On Sunday, the singer used Twitter to share her thoughts on the film, referencing a song by her former band, The Supremes, to make her point.
"This is what’s on my heart this morning," she tweeted. "I believe and trust that Michael Jackson was and is A magnificent incredible force to me and to many others. STOP IN THE NAME OF LOVE."
This is what’s on my heart this morning. I believe and trust that Michael Jackson was and is A magnificent incredible force to me and to many others.— Ms. Ross (@DianaRoss) March 23, 2019
STOP IN THE NAME OF LOVE
Ross and Jackson were friends for years, first connecting during the beginning of their Motown careers in the '70s and eventually becoming so close that Jackson named Ross in his will as the secondary caregiver to his children ahead of his death in 2009.

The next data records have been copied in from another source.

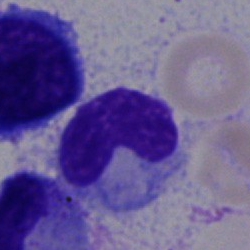
Morphology consistent with a band-form neutrophil.
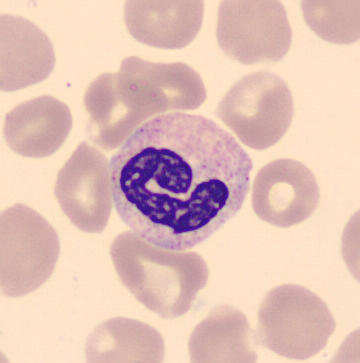May Grünwald-Giemsa stain. Peripheral blood film. 360×363 px.
Showing a band-form neutrophil.
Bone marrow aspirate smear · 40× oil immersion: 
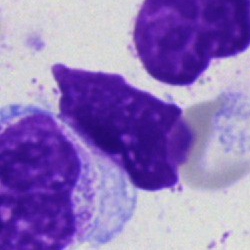The cell shown is an artifact.
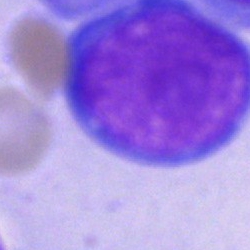
Undifferentiated blast.
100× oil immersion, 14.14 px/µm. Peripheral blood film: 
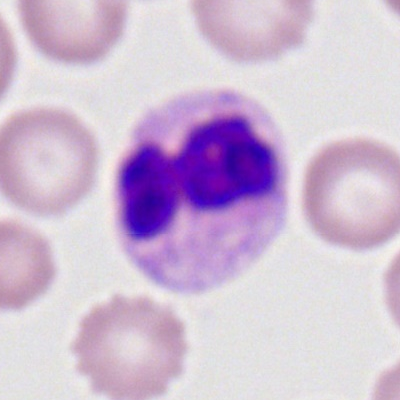The morphological class is neutrophil (segmented).
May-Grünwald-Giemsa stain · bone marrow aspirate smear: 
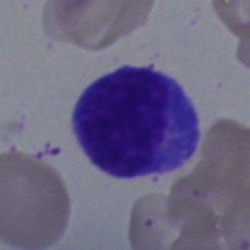 Lymphocyte.
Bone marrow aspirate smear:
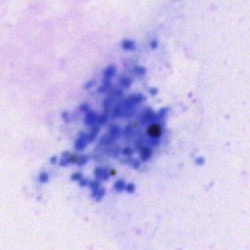

The cell shown is an artefact.
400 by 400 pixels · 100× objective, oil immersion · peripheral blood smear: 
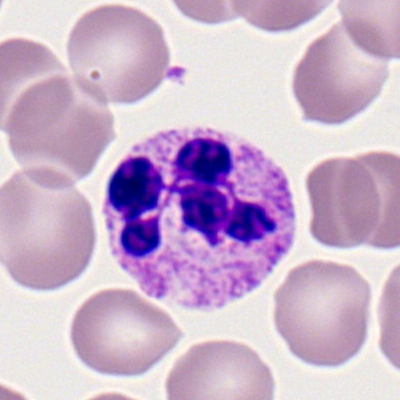 Cell type: neutrophil (segmented).
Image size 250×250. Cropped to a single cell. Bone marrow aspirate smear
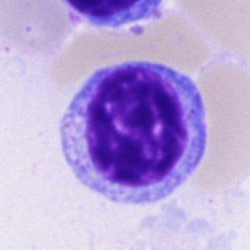 Lymphocyte.
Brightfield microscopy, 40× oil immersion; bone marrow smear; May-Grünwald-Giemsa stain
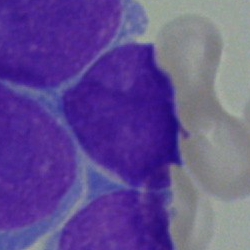

Q: What is the morphological classification of this cell?
A: Blast cell.
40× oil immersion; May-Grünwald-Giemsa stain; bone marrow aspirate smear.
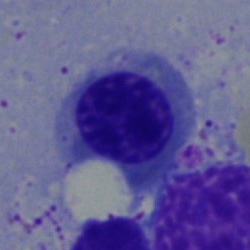Classification: normoblast.
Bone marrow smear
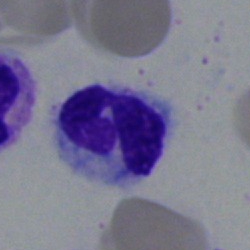

The cell is polymorphonuclear neutrophil.
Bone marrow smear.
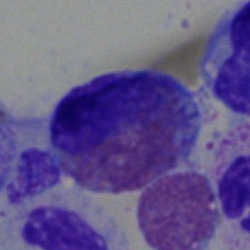 The cell shown is an eosinophil.
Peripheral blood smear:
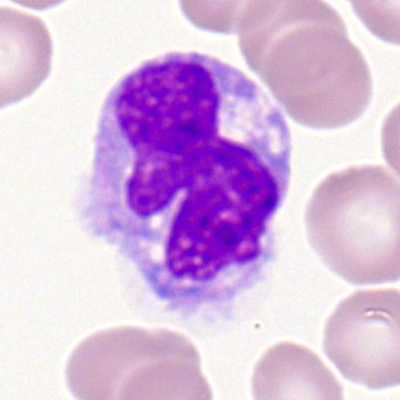 Q: Which cell type is shown here?
A: Monocyte.
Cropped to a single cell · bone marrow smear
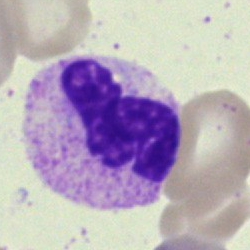

A polymorphonuclear neutrophil.
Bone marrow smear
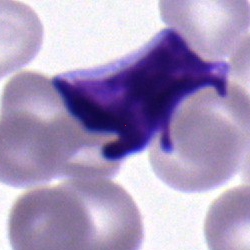

Q: What type of cell is this?
A: Typical lymphocyte.
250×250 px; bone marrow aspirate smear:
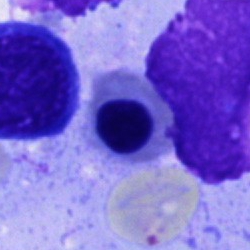{"cell_type": "normoblast", "lineage": "erythroid"}
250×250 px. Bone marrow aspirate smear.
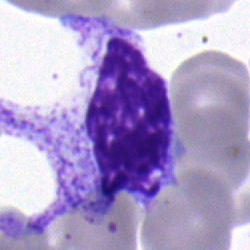Single cell identified as a myelocyte.
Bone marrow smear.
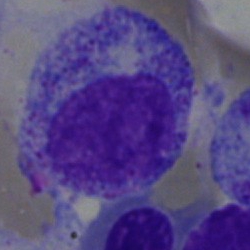 The morphological class is promyelocyte.
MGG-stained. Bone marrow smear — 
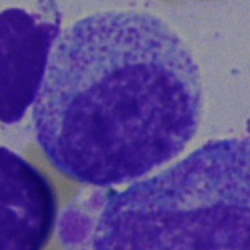
This is a myelocyte.
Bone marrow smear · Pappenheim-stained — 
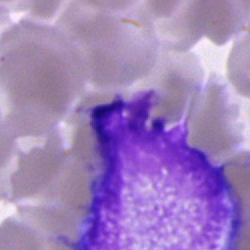
Impression — artifact.
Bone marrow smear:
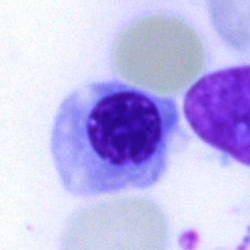

Q: What type of cell is this?
A: This is a nucleated red blood cell.
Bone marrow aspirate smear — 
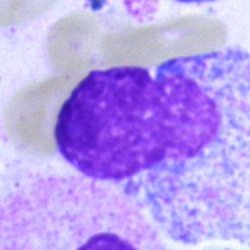Q: What is shown here?
A: This is an artifact.
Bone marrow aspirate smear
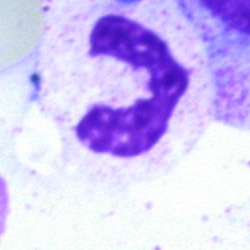
Q: What type of cell is this?
A: This is a neutrophil (segmented).
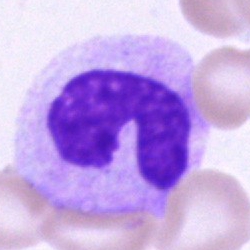

The morphological class is band neutrophil.
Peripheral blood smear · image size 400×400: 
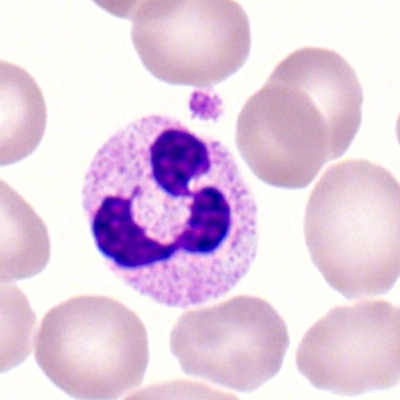Specimen: peripheral blood film.
Morphological class: neutrophil (segmented).
Lineage: myeloid.
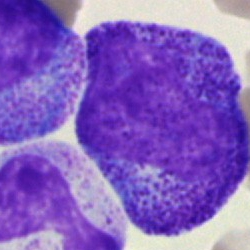Impression → progranulocyte.
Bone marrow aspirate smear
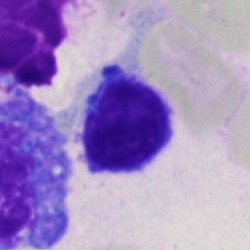
Morphology consistent with a typical lymphocyte.
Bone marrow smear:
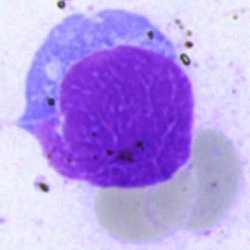

Specimen: bone marrow smear.
Classification: artifact.
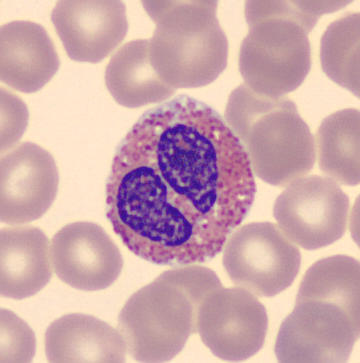

Image: Peripheral blood smear; May-Grünwald-Giemsa-stained; CellaVision DM96 digital cell image.

Morphology → eosinophil.
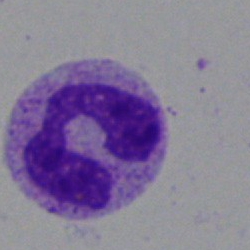 Morphological class — segmented neutrophil.
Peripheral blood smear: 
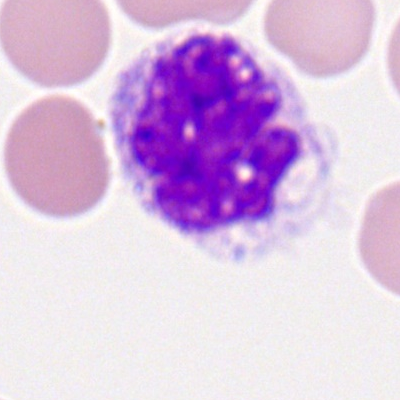
A monocyte.
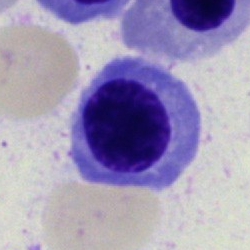

Specimen: bone marrow aspirate smear.
Cell type: nucleated red blood cell.
Lineage: erythroid.
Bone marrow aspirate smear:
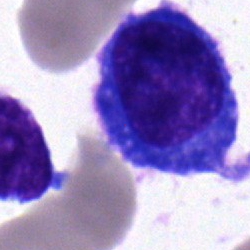 {"cell_type": "plasmacyte", "lineage": "lymphoid"}
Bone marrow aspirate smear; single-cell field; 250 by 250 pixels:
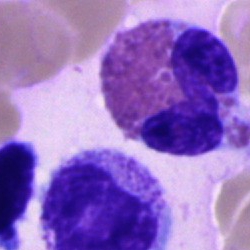
Impression — eosinophil.
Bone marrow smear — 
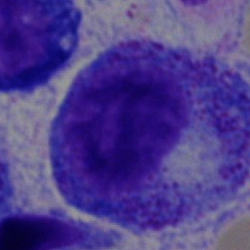 The cell shown is a promyelocyte.
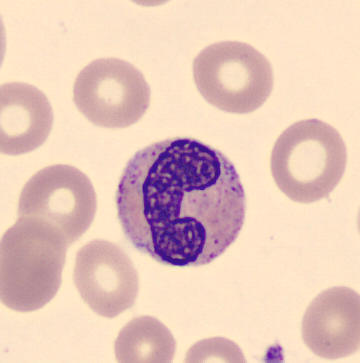

Cell type = band neutrophil.
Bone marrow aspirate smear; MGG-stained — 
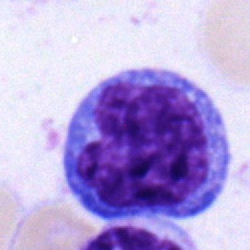{"cell_type": "monocyte", "lineage": "myeloid"}
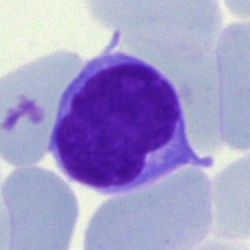

Bone marrow aspirate smear, single cell — lymphocyte.
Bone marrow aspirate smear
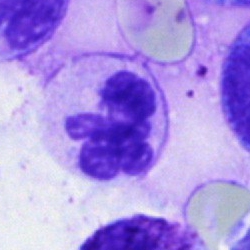 Classification — neutrophil (segmented).
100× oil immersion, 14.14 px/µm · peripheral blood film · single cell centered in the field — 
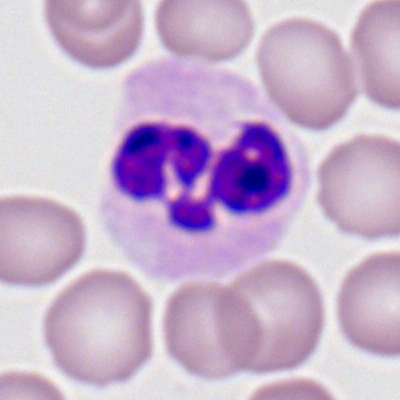

Morphology — polymorphonuclear neutrophil.
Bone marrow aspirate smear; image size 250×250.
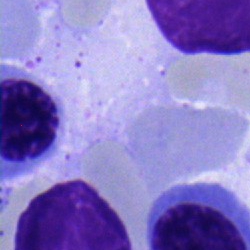Q: Which cell type is shown here?
A: This is a nucleated red cell.
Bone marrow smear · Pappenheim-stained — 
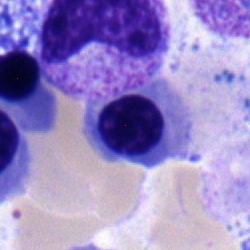 Q: Identify the cell.
A: A nucleated red cell.
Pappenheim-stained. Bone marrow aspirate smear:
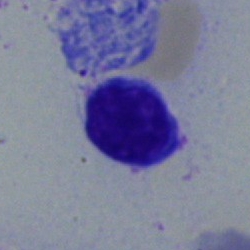Impression → lymphocyte.
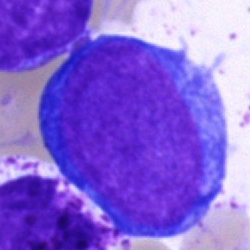Cell — proerythroblast.
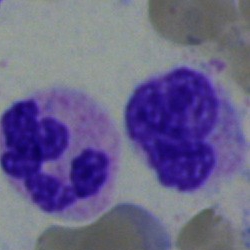 Impression — polymorphonuclear neutrophil.
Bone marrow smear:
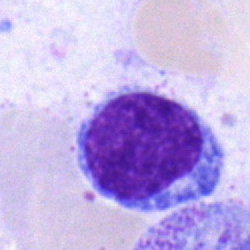

The cell is typical lymphocyte.
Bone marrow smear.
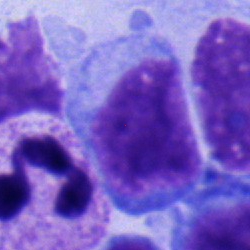The cell shown is a lymphocyte.
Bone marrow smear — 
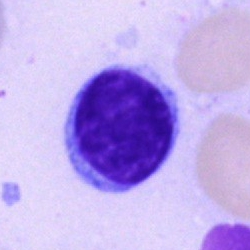Single cell identified as a lymphocyte.
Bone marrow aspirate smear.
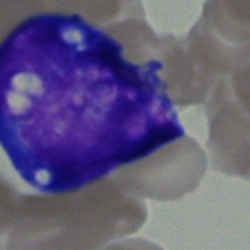 The morphological class is blast.
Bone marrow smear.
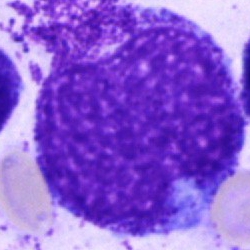 Morphological class — artefact.
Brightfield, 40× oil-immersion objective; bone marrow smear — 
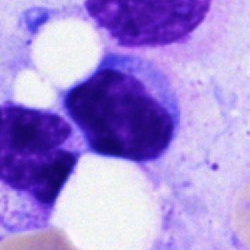Lymphocyte.
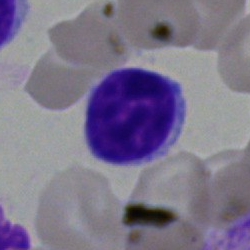
Morphology → lymphocyte.
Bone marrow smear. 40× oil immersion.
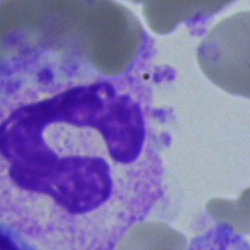

Specimen: bone marrow aspirate smear.
Morphological class: segmented neutrophil.
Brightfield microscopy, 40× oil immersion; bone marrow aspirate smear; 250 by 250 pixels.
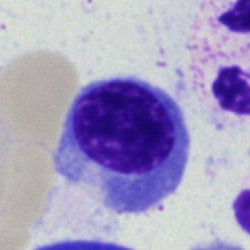

Impression → erythroblast.
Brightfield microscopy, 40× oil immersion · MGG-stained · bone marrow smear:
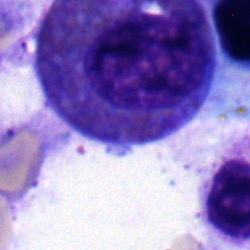

Morphology → eosinophilic granulocyte.
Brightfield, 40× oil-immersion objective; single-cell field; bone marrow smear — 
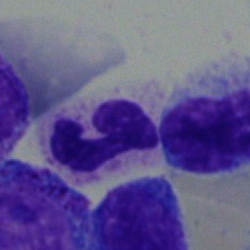{"cell_type": "segmented neutrophil"}
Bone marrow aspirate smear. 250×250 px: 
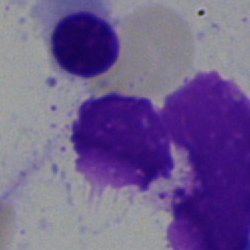

Specimen: bone marrow aspirate smear.
Classification: artefact.
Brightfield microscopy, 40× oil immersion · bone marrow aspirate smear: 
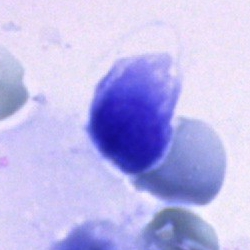{"cell_type": "artefact"}
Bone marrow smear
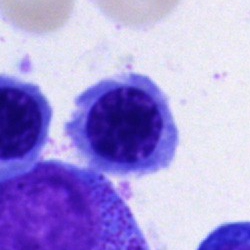 Specimen: bone marrow aspirate smear.
Cell type: normoblast.
Lineage: erythroid.
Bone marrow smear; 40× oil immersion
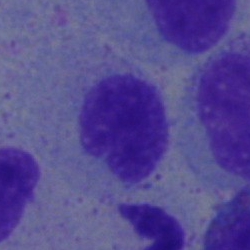
The morphological class is metamyelocyte.
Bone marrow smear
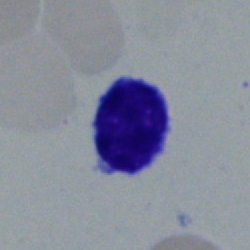
Specimen: bone marrow aspirate smear.
Classification: lymphocyte.
Lineage: lymphoid.
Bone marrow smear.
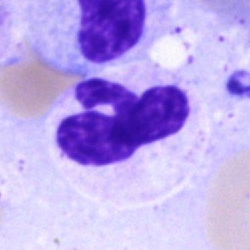Specimen: bone marrow aspirate smear.
Cell type: neutrophil (segmented).
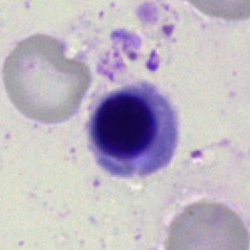Bone marrow smear showing an erythroblast.
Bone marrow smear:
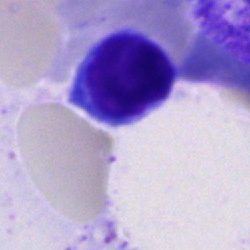
Q: Identify the cell.
A: It is a lymphocyte.
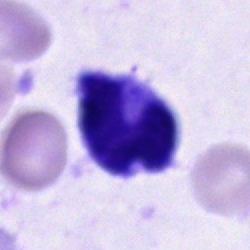 Specimen: bone marrow aspirate smear.
Cell type: unidentifiable cell.
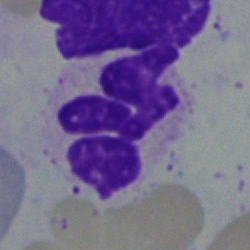 Morphology consistent with a segmented neutrophil.
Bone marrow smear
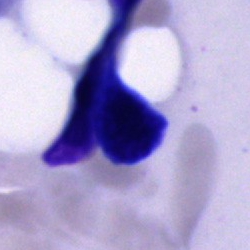 Specimen: bone marrow aspirate smear.
Cell type: artifact.
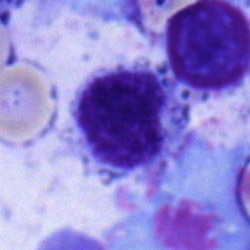
Cell type: myelocyte.
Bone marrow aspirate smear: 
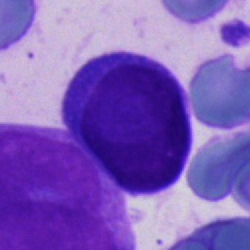Specimen: bone marrow smear.
Morphological class: blast.
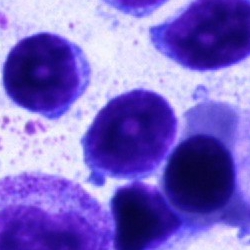Bone marrow aspirate smear, single cell — typical lymphocyte.
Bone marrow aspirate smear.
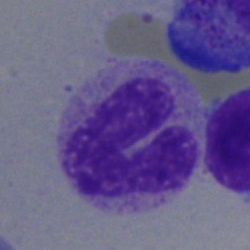
A stab cell.
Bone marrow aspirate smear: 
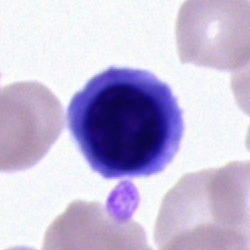 The cell shown is an erythroblast.
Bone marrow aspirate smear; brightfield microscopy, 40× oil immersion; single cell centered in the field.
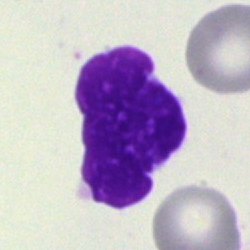 Specimen: bone marrow smear.
Cell: artefact.
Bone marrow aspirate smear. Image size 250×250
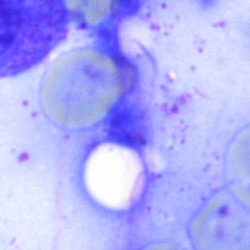

Showing an artifact.
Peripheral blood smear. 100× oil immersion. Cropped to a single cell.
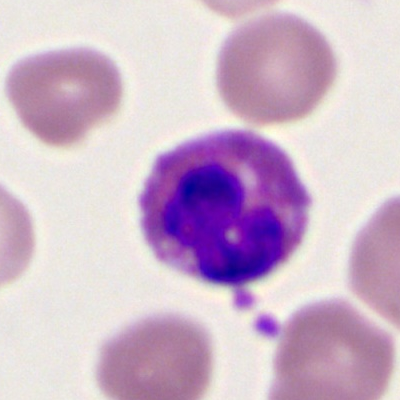 The cell type is eosinophilic granulocyte.
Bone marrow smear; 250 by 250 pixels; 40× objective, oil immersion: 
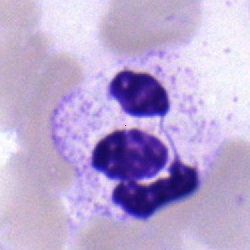 Q: Which cell type is shown here?
A: Neutrophil (segmented).
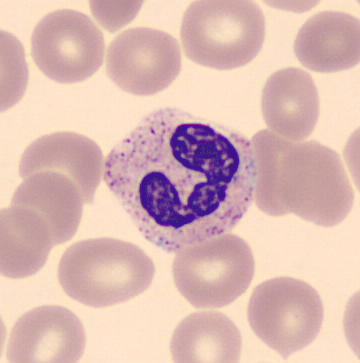 Cell = polymorphonuclear neutrophil. Acquisition: Peripheral blood smear.

The HBO two-part documentary Leaving Neverland saw Wade Robson and James Safechuck detail years of grooming and abuse they allegedly suffered at Jackson's hands, beginning when they were young boys. Jackson was acquitted during sexual assault trial in 2005 and his family has slammed the documentary and is suing HBO for breach of contract.
Both Robson and Safechuk initially denied being abused by Jackson in 1993 when the singer was accused by Jordan Chandler. During Jackson's 2005 trial in which he was accused of sexually abusing Gavin Arvizo, Robson took the stand to again say that Jackson did not abuse him, with his testimony speculated to be one of the major reasons Jackson was acquitted in the case. Robson said that the reason he initially denied the alleged abuse was because Jackson had been training him to do so.
"Michael's training of me to testify began the first night that he began abusing me," he said. "He started telling me, 'If anybody finds out, we'll both go to jail.'"
Along with Ross, Barbra Streisand made headlines for her comments in regards to the documentary, telling the Evening Standard she believed the allegations before seemingly deflecting the blame from Jackson.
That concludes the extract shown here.